Question

Plot a smoothed "hat" function. The "hat" function \(N(x)\) defined by (3.5) on page 109 has a discontinuity in the derivative at \(x=1\). Suppose we want to "round" this function such that it looks smooth around \(x=1\). To this end, replace the straight lines in the vicinity of \(x=1\) by a (small) cubic curve $$ y=a(x-1)^{3}+b(x-1)^{2}+c(x-1)+d $$ for \(x \in[1-\epsilon, 1+\epsilon]\), where \(a, b, c\), and \(d\) are parameters that must be adjusted in order for the cubic curve to match the value and the derivative of the function \(N(x)\).

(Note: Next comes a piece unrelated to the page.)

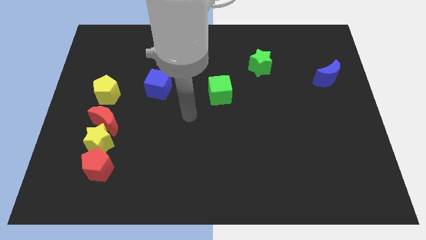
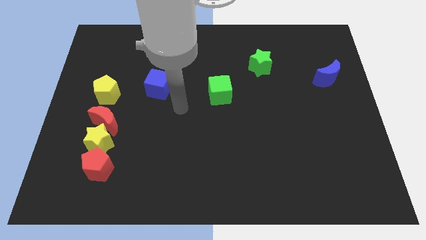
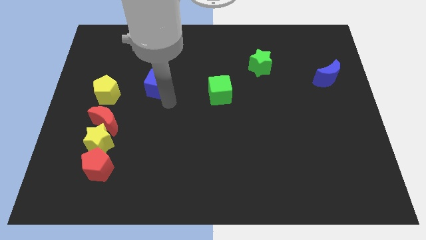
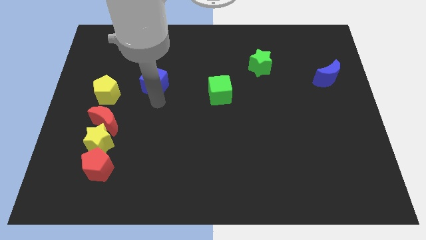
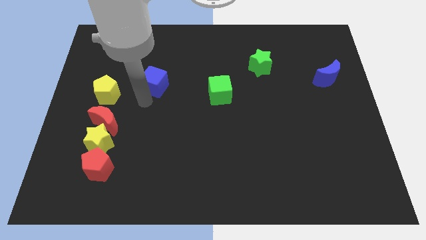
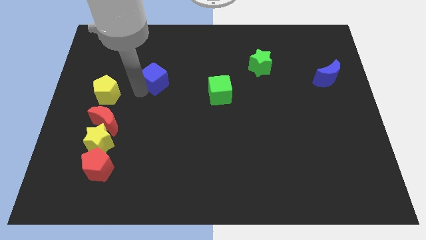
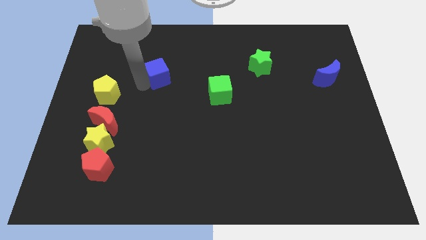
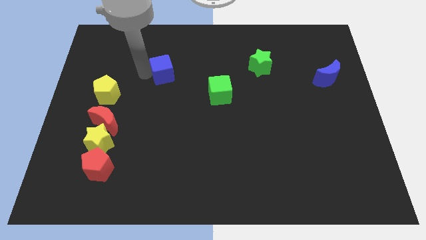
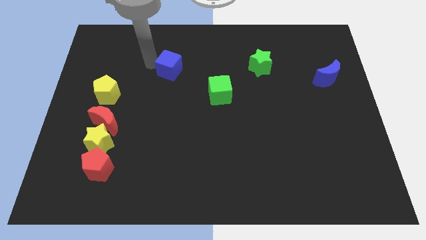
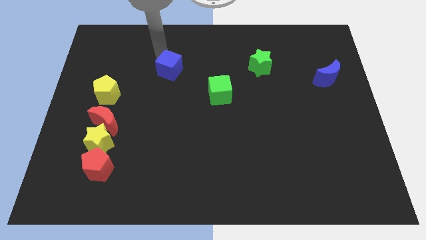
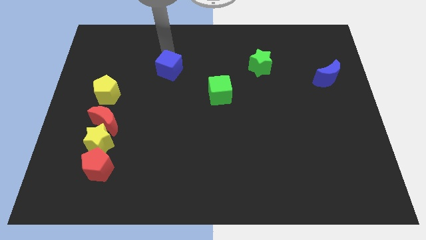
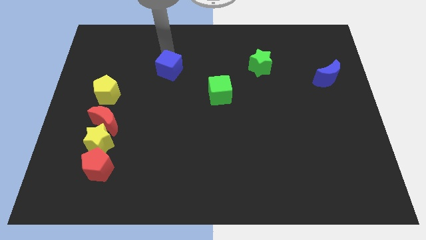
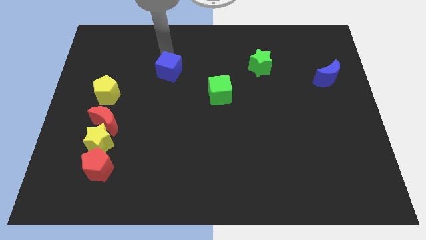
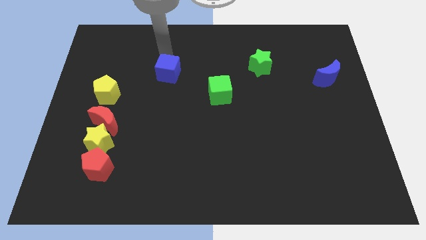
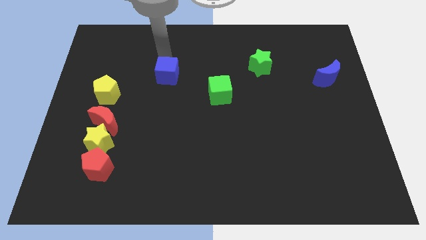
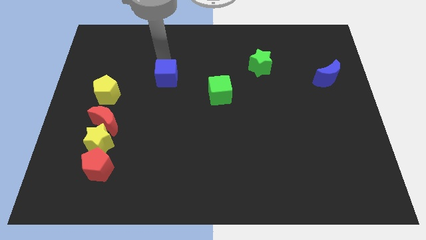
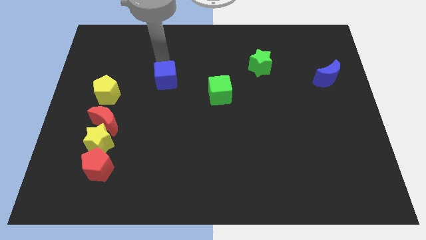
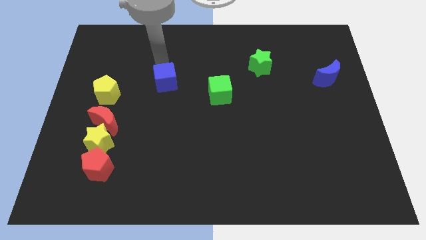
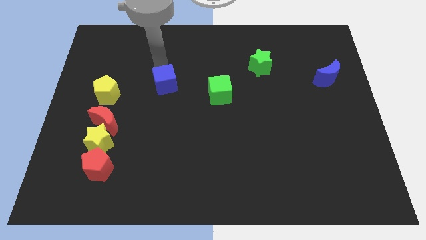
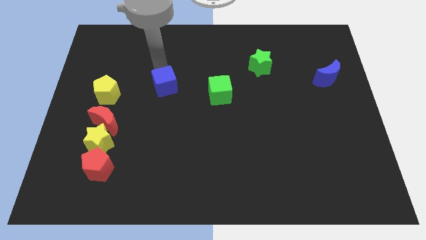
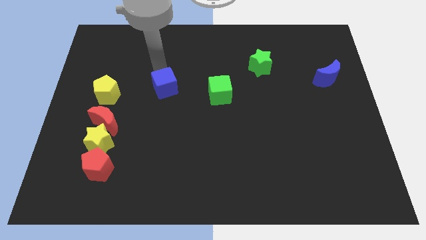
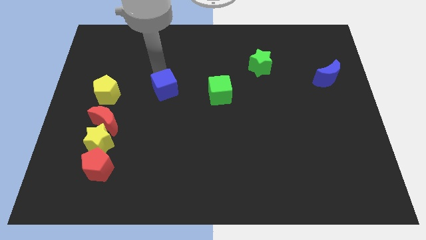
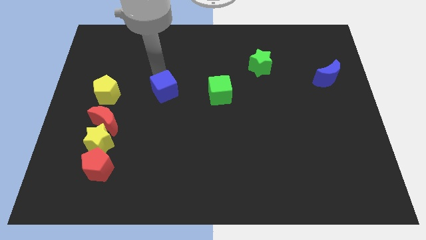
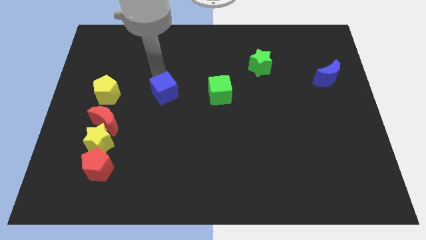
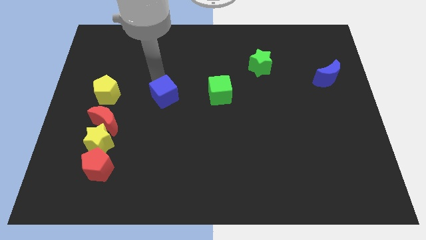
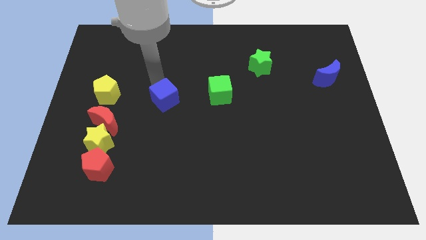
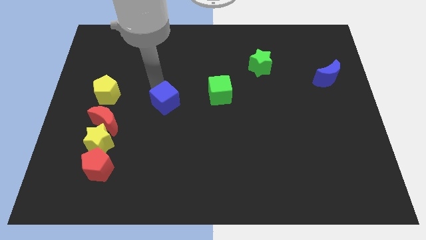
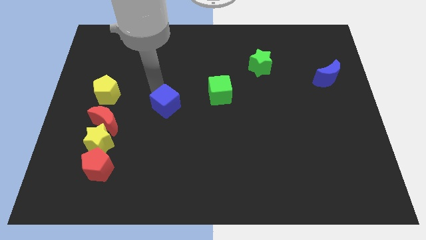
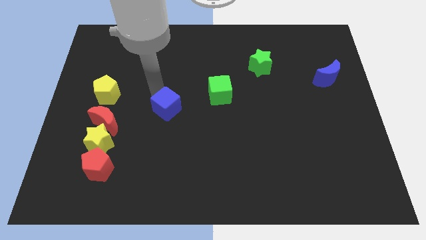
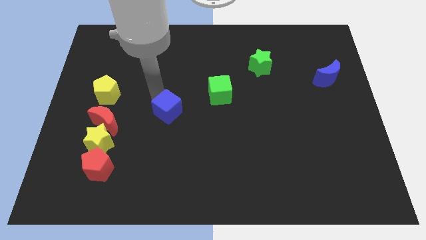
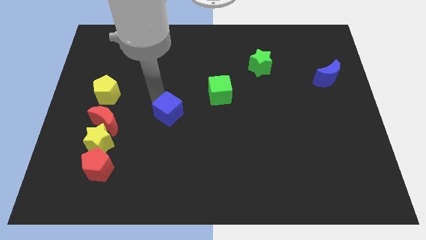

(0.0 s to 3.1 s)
move the blue cube downwards and then right slightly

The new rounded functions has the specification $$ \tilde{N}(x)= \begin{cases}0, & x<0 \\ x, & 0 \leq x<1-\epsilon \\\ a_{1}(x-1)^{3}+b(x-1)+c(x-1)+d_{1}, & 1-\epsilon \leq x<1 \\\ a_{2}(x-1)^{3}+b(x-1)+c(x-1)+d_{2}, & 1 \leq x<1+\epsilon \\ 2-x, & 1+\epsilon \leq x<2 \\ 0, & x \geq 2\end{cases} $$ with \(a_{1}=\frac{1}{3} \epsilon^{-2}, a_{2}=-a_{1}, d_{1}=1-\epsilon+a_{1} \epsilon^{3}, d_{2}=1-\epsilon-a_{2} \epsilon^{3}\), and \(b=c=0 .\) Plot this function. (Hint: Be careful with the choice of \(x\) coordinates!) Name of program file: plot_hat.py.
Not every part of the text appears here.